SUNY Polytechnic Institute (SUNY Poly) announced today that Professor of Nanoscale Engineering Dr. Ji Ung Lee has been awarded $150,000 in funding from the SUNY Applied Materials Research Institute (SAMRI) to develop new stacking processes for increasing transistor density in computer chips. By using novel interconnect technology between different transistor layers, this stacked arrangement can serve as a more cost-effective alternative to shrinking transistors and potentially lead to faster, more power-efficient computer chips.
By Steve Ference
SAMRI is a strategic alliance between the State University of New York (SUNY) and Applied Materials, Inc. that serves as a nucleus of research and development activities on advanced materials, devices, manufacturing, and emerging areas of science and technology. SAMRI is a key component of Applied’s broader collaborations in New York, which include the Materials Engineering Technology Accelerator (META Center) at the Albany Nanotech Complex and a venture capital co-investment initiative with the State of New York.

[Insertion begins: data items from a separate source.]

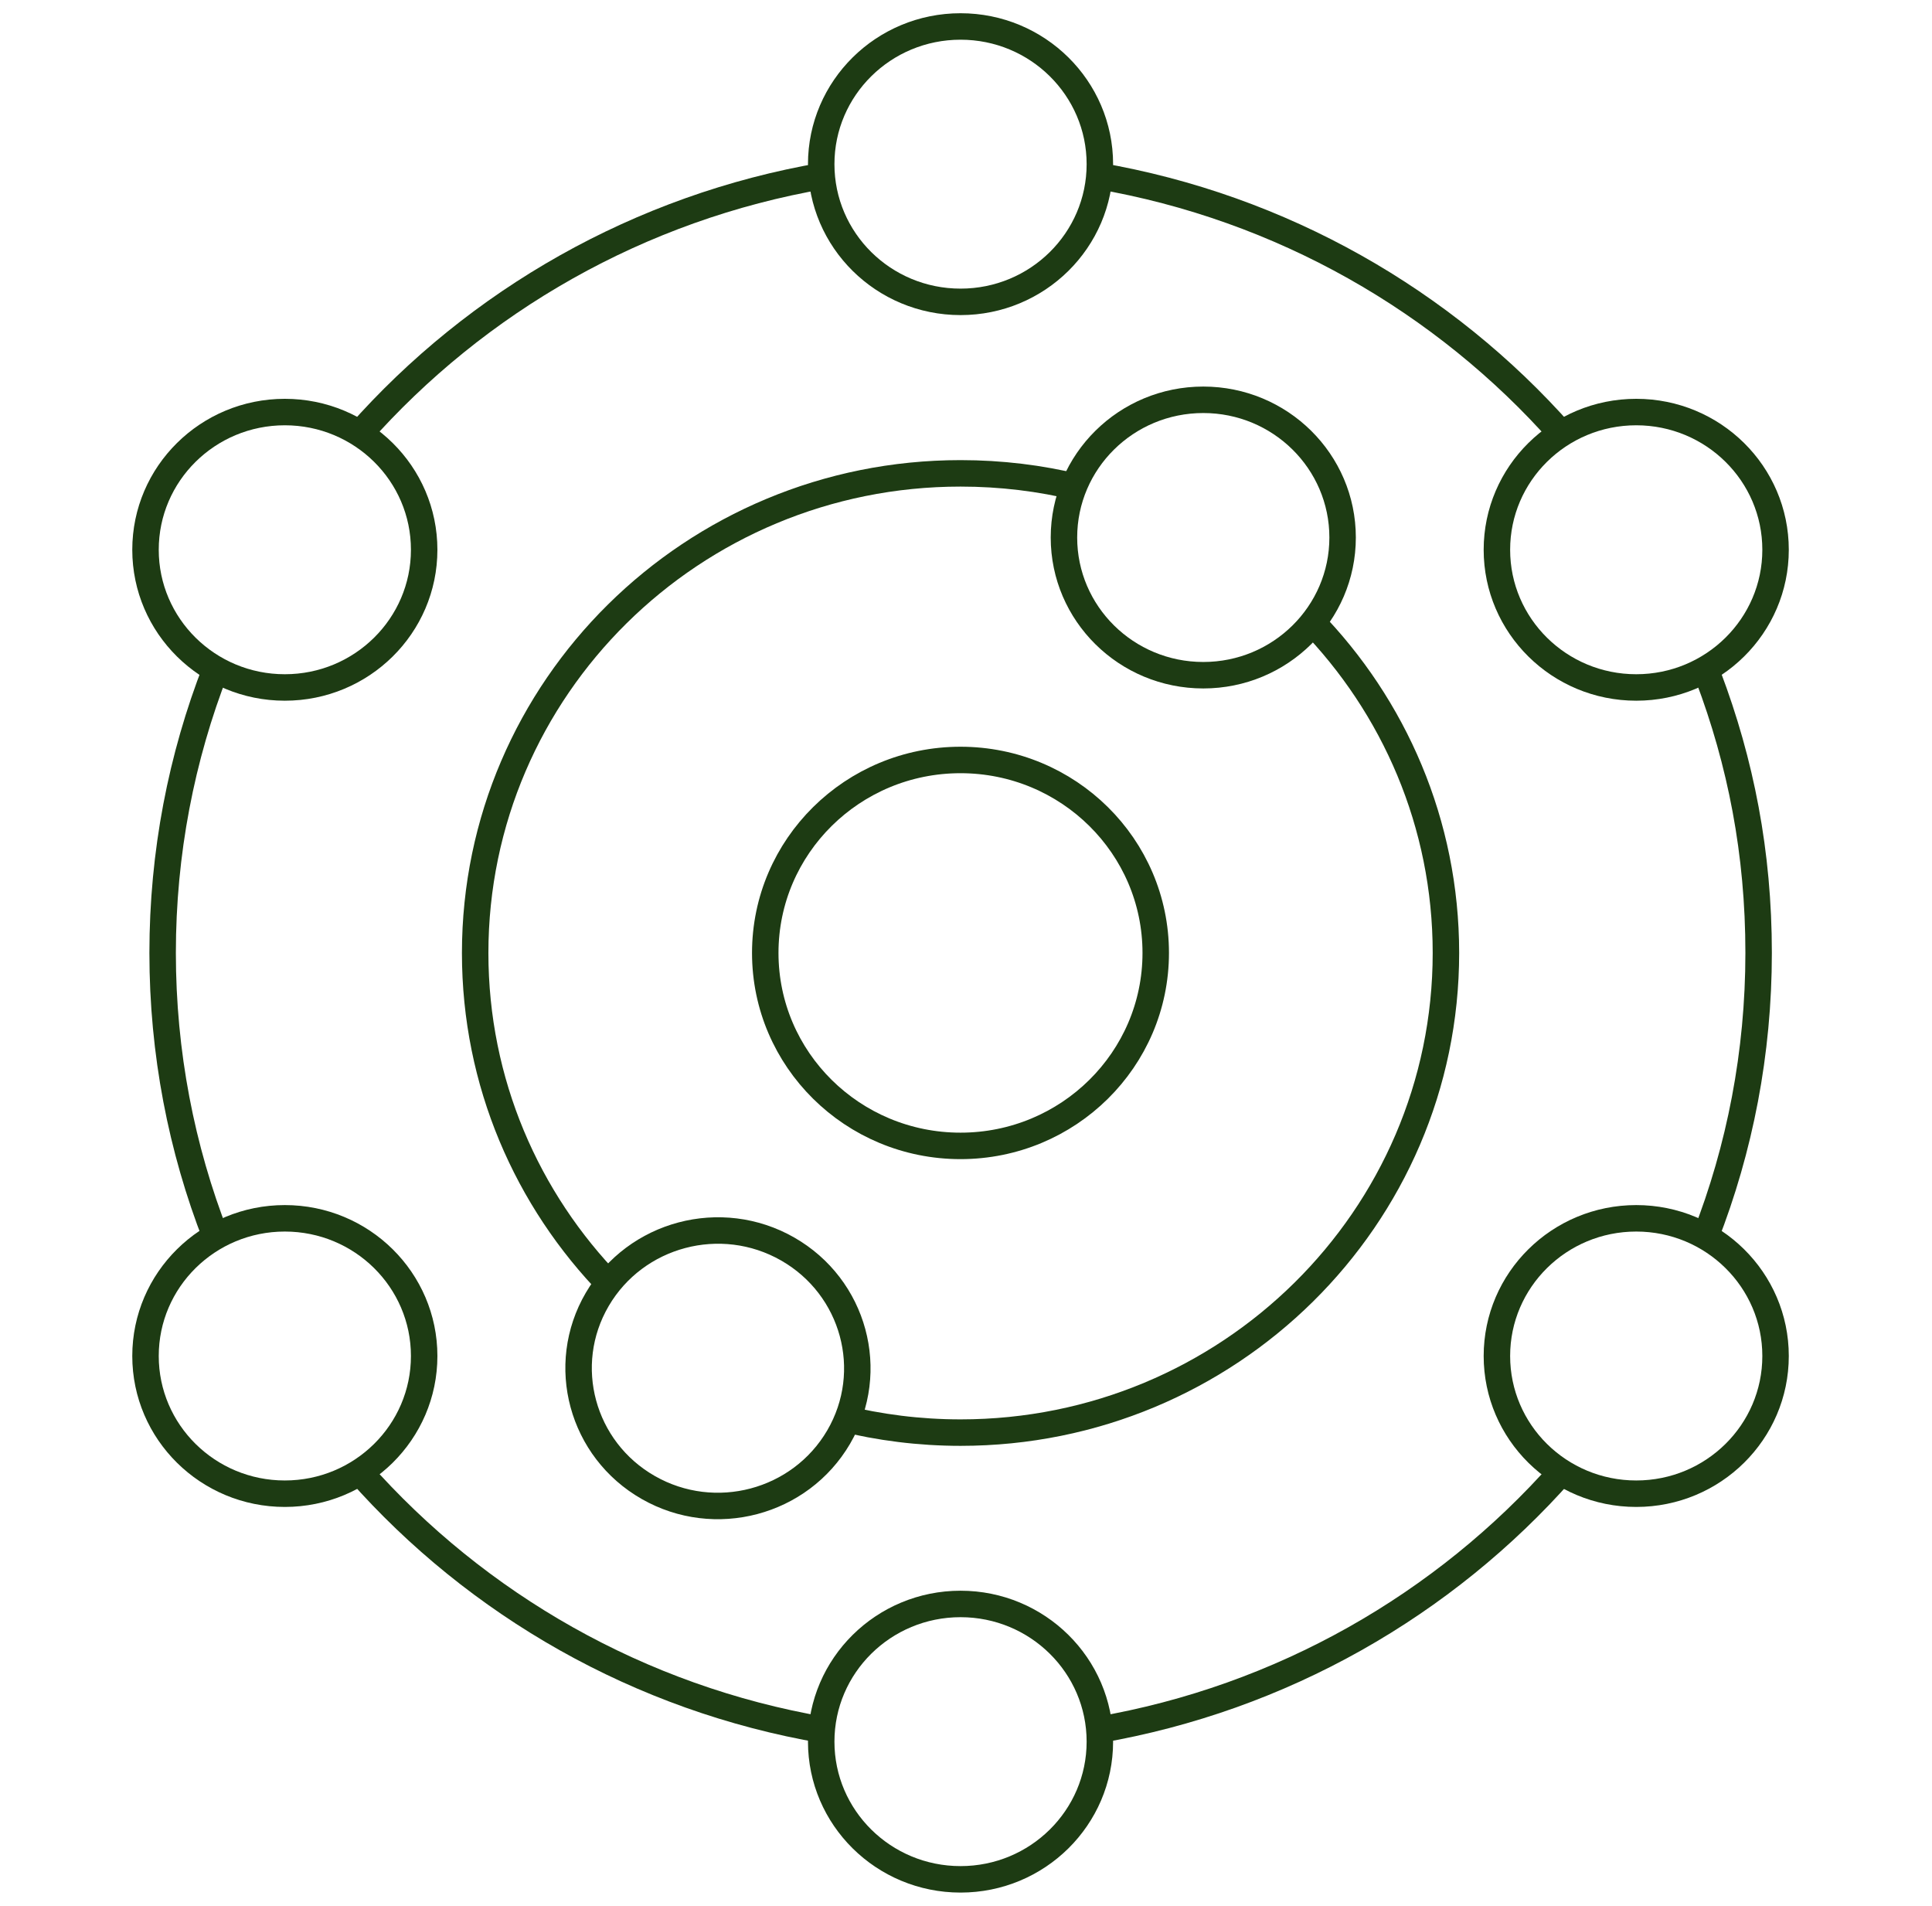 <svg width="73" height="72" viewBox="0 0 73 72" fill="none" xmlns="http://www.w3.org/2000/svg">
<path d="M31.106 6.641C24.156 7.833 18.02 11.375 13.569 16.412" stroke="#1d3b13" stroke-linejoin="round"/>
<path d="M59.02 16.412C54.569 11.375 48.433 7.833 41.483 6.641" stroke="#1d3b13" stroke-linejoin="round"/>
<path d="M64.44 46.718C65.739 43.392 66.449 39.776 66.449 36C66.449 32.224 65.774 28.801 64.544 25.55" stroke="#1d3b13" stroke-linejoin="round"/>
<path d="M41.483 65.358C48.433 64.166 54.569 60.624 59.02 55.587" stroke="#1d3b13" stroke-linejoin="round"/>
<path d="M13.574 55.587C18.025 60.624 24.155 64.166 31.111 65.358" stroke="#1d3b13" stroke-linejoin="round"/>
<path d="M8.153 25.282C6.855 28.608 6.145 32.224 6.145 36C6.145 39.776 6.855 43.393 8.153 46.718" stroke="#1d3b13" stroke-linejoin="round"/>
<path d="M31.781 53.569C33.224 53.929 34.737 54.123 36.295 54.123C46.42 54.123 54.634 46.012 54.634 36.001C54.634 31.113 52.677 26.681 49.491 23.418" stroke="#1d3b13" stroke-linejoin="round"/>
<path d="M40.726 18.413C39.306 18.065 37.822 17.883 36.293 17.883C26.168 17.883 17.954 25.994 17.954 36.005C17.954 40.893 19.911 45.325 23.097 48.588" stroke="#1d3b13" stroke-linejoin="round"/>
<path d="M36.292 43.291C40.366 43.291 43.669 40.027 43.669 36.001C43.669 31.975 40.366 28.711 36.292 28.711C32.218 28.711 28.915 31.975 28.915 36.001C28.915 40.027 32.218 43.291 36.292 43.291Z" stroke="#1d3b13" stroke-linejoin="round"/>
<path d="M36.294 11.404C39.201 11.404 41.558 9.075 41.558 6.202C41.558 3.329 39.201 1 36.294 1C33.386 1 31.029 3.329 31.029 6.202C31.029 9.075 33.386 11.404 36.294 11.404Z" stroke="#1d3b13" stroke-linejoin="round"/>
<path d="M45.466 25.509C48.373 25.509 50.73 23.18 50.73 20.307C50.73 17.433 48.373 15.104 45.466 15.104C42.558 15.104 40.201 17.433 40.201 20.307C40.201 23.18 42.558 25.509 45.466 25.509Z" stroke="#1d3b13" stroke-linejoin="round"/>
<path d="M31.688 54.292C30.233 56.779 27.012 57.635 24.495 56.197C21.979 54.76 21.113 51.577 22.567 49.09C24.022 46.603 27.243 45.748 29.76 47.185C32.276 48.622 33.142 51.805 31.688 54.292Z" stroke="#1d3b13" stroke-linejoin="round"/>
<path d="M36.294 71C39.201 71 41.558 68.671 41.558 65.798C41.558 62.925 39.201 60.596 36.294 60.596C33.386 60.596 31.029 62.925 31.029 65.798C31.029 68.671 33.386 71 36.294 71Z" stroke="#1d3b13" stroke-linejoin="round"/>
<path d="M10.762 25.972C13.67 25.972 16.027 23.642 16.027 20.77C16.027 17.896 13.67 15.567 10.762 15.567C7.855 15.567 5.498 17.896 5.498 20.77C5.498 23.642 7.855 25.972 10.762 25.972Z" stroke="#1d3b13" stroke-linejoin="round"/>
<path d="M61.825 25.972C64.732 25.972 67.089 23.642 67.089 20.77C67.089 17.896 64.732 15.567 61.825 15.567C58.917 15.567 56.56 17.896 56.56 20.77C56.56 23.642 58.917 25.972 61.825 25.972Z" stroke="#1d3b13" stroke-linejoin="round"/>
<path d="M10.762 56.431C13.67 56.431 16.027 54.102 16.027 51.229C16.027 48.356 13.67 46.027 10.762 46.027C7.855 46.027 5.498 48.356 5.498 51.229C5.498 54.102 7.855 56.431 10.762 56.431Z" stroke="#1d3b13" stroke-linejoin="round"/>
<path d="M61.825 56.431C64.732 56.431 67.089 54.102 67.089 51.229C67.089 48.356 64.732 46.027 61.825 46.027C58.917 46.027 56.56 48.356 56.56 51.229C56.56 54.102 58.917 56.431 61.825 56.431Z" stroke="#1d3b13" stroke-linejoin="round"/>
</svg>

“On behalf of SUNY Poly, I congratulate Dr. Lee for being selected to receive this award which could lead to next-generation computer chips that are both faster and less expensive to produce, and could help contribute to addressing the chip shortage in the future,” said SUNY Poly Acting President Dr. Tod A. Laursen. “Dr. Lee’s research is a testament to the caliber of this institute’s faculty, and it showcases how New York State and SUNY Poly’s collaborative high-tech initiatives can help meet the nation’s advanced computing needs.”
As part of this SAMRI award, a postdoctoral researcher is anticipated to be hired to support this work. They will use the advanced 300mm wafer line at the Albany Nanotech Complex, in partnership with New York Center for Research, Economic Advancement, Technology, Engineering and Science (NY CREATES), and introduce new materials, including two-dimensional semiconductors, to form the various transistor layers.
In addition, this project, which is eligible for up to an additional $450,000 in future funding, will aim to develop a new type of transistor to allow the development of more power-efficient machine learning hardware.
“I am proud to congratulate Dr. Lee on receiving this award, which will support his research that is highly relevant for addressing current computer chip challenges, including making them faster and more efficient at information processing and less costly to produce,” said Dr. Nathaniel Cady, SUNY Poly Interim Vice President of Research; Empire Innovation Professor of Nanobioscience; and Executive Director of SAMRI. “This is a great example of how the R&D synergies between academic expertise and the availability of state-of-the-art resources make SUNY Poly a world-class institute for research.”
“I am grateful to receive this funding from SAMRI. It will help SUNY Poly maintain its important research-focused role supporting the continuation of Moore’s Law without having to shrink transistors, which can lead to computer chips becoming faster and more affordable, while we also seek to enable more efficient AI-specific hardware,” said Dr. Lee. “I also look forward to working closely with Daniel Steinke of NY CREATES to develop these innovative processes using the 300mm wafer line that is available at the Albany Nanotech Complex.”
In 2019 SUNY Poly announced that Professor Lee was awarded $6.25 million in federal funding from the Naval Research Laboratory (NRL) to leverage the state-of-the-art 300mm fabrication facility, co-located with SUNY Poly’s Albany campus at the Albany Nanotech Complex, and use new nanoscale materials to fabricate advanced electronic devices in order to impart more functionality to future computer chips. As part of this five-year grant, Dr. Lee’s team is also developing artificial intelligence (AI)-specific hardware, which could lead to greater efficiency for AI applications, such as pattern and voice recognition. Notably, this grant represented SUNY Poly’s largest single investigator-faculty award to date.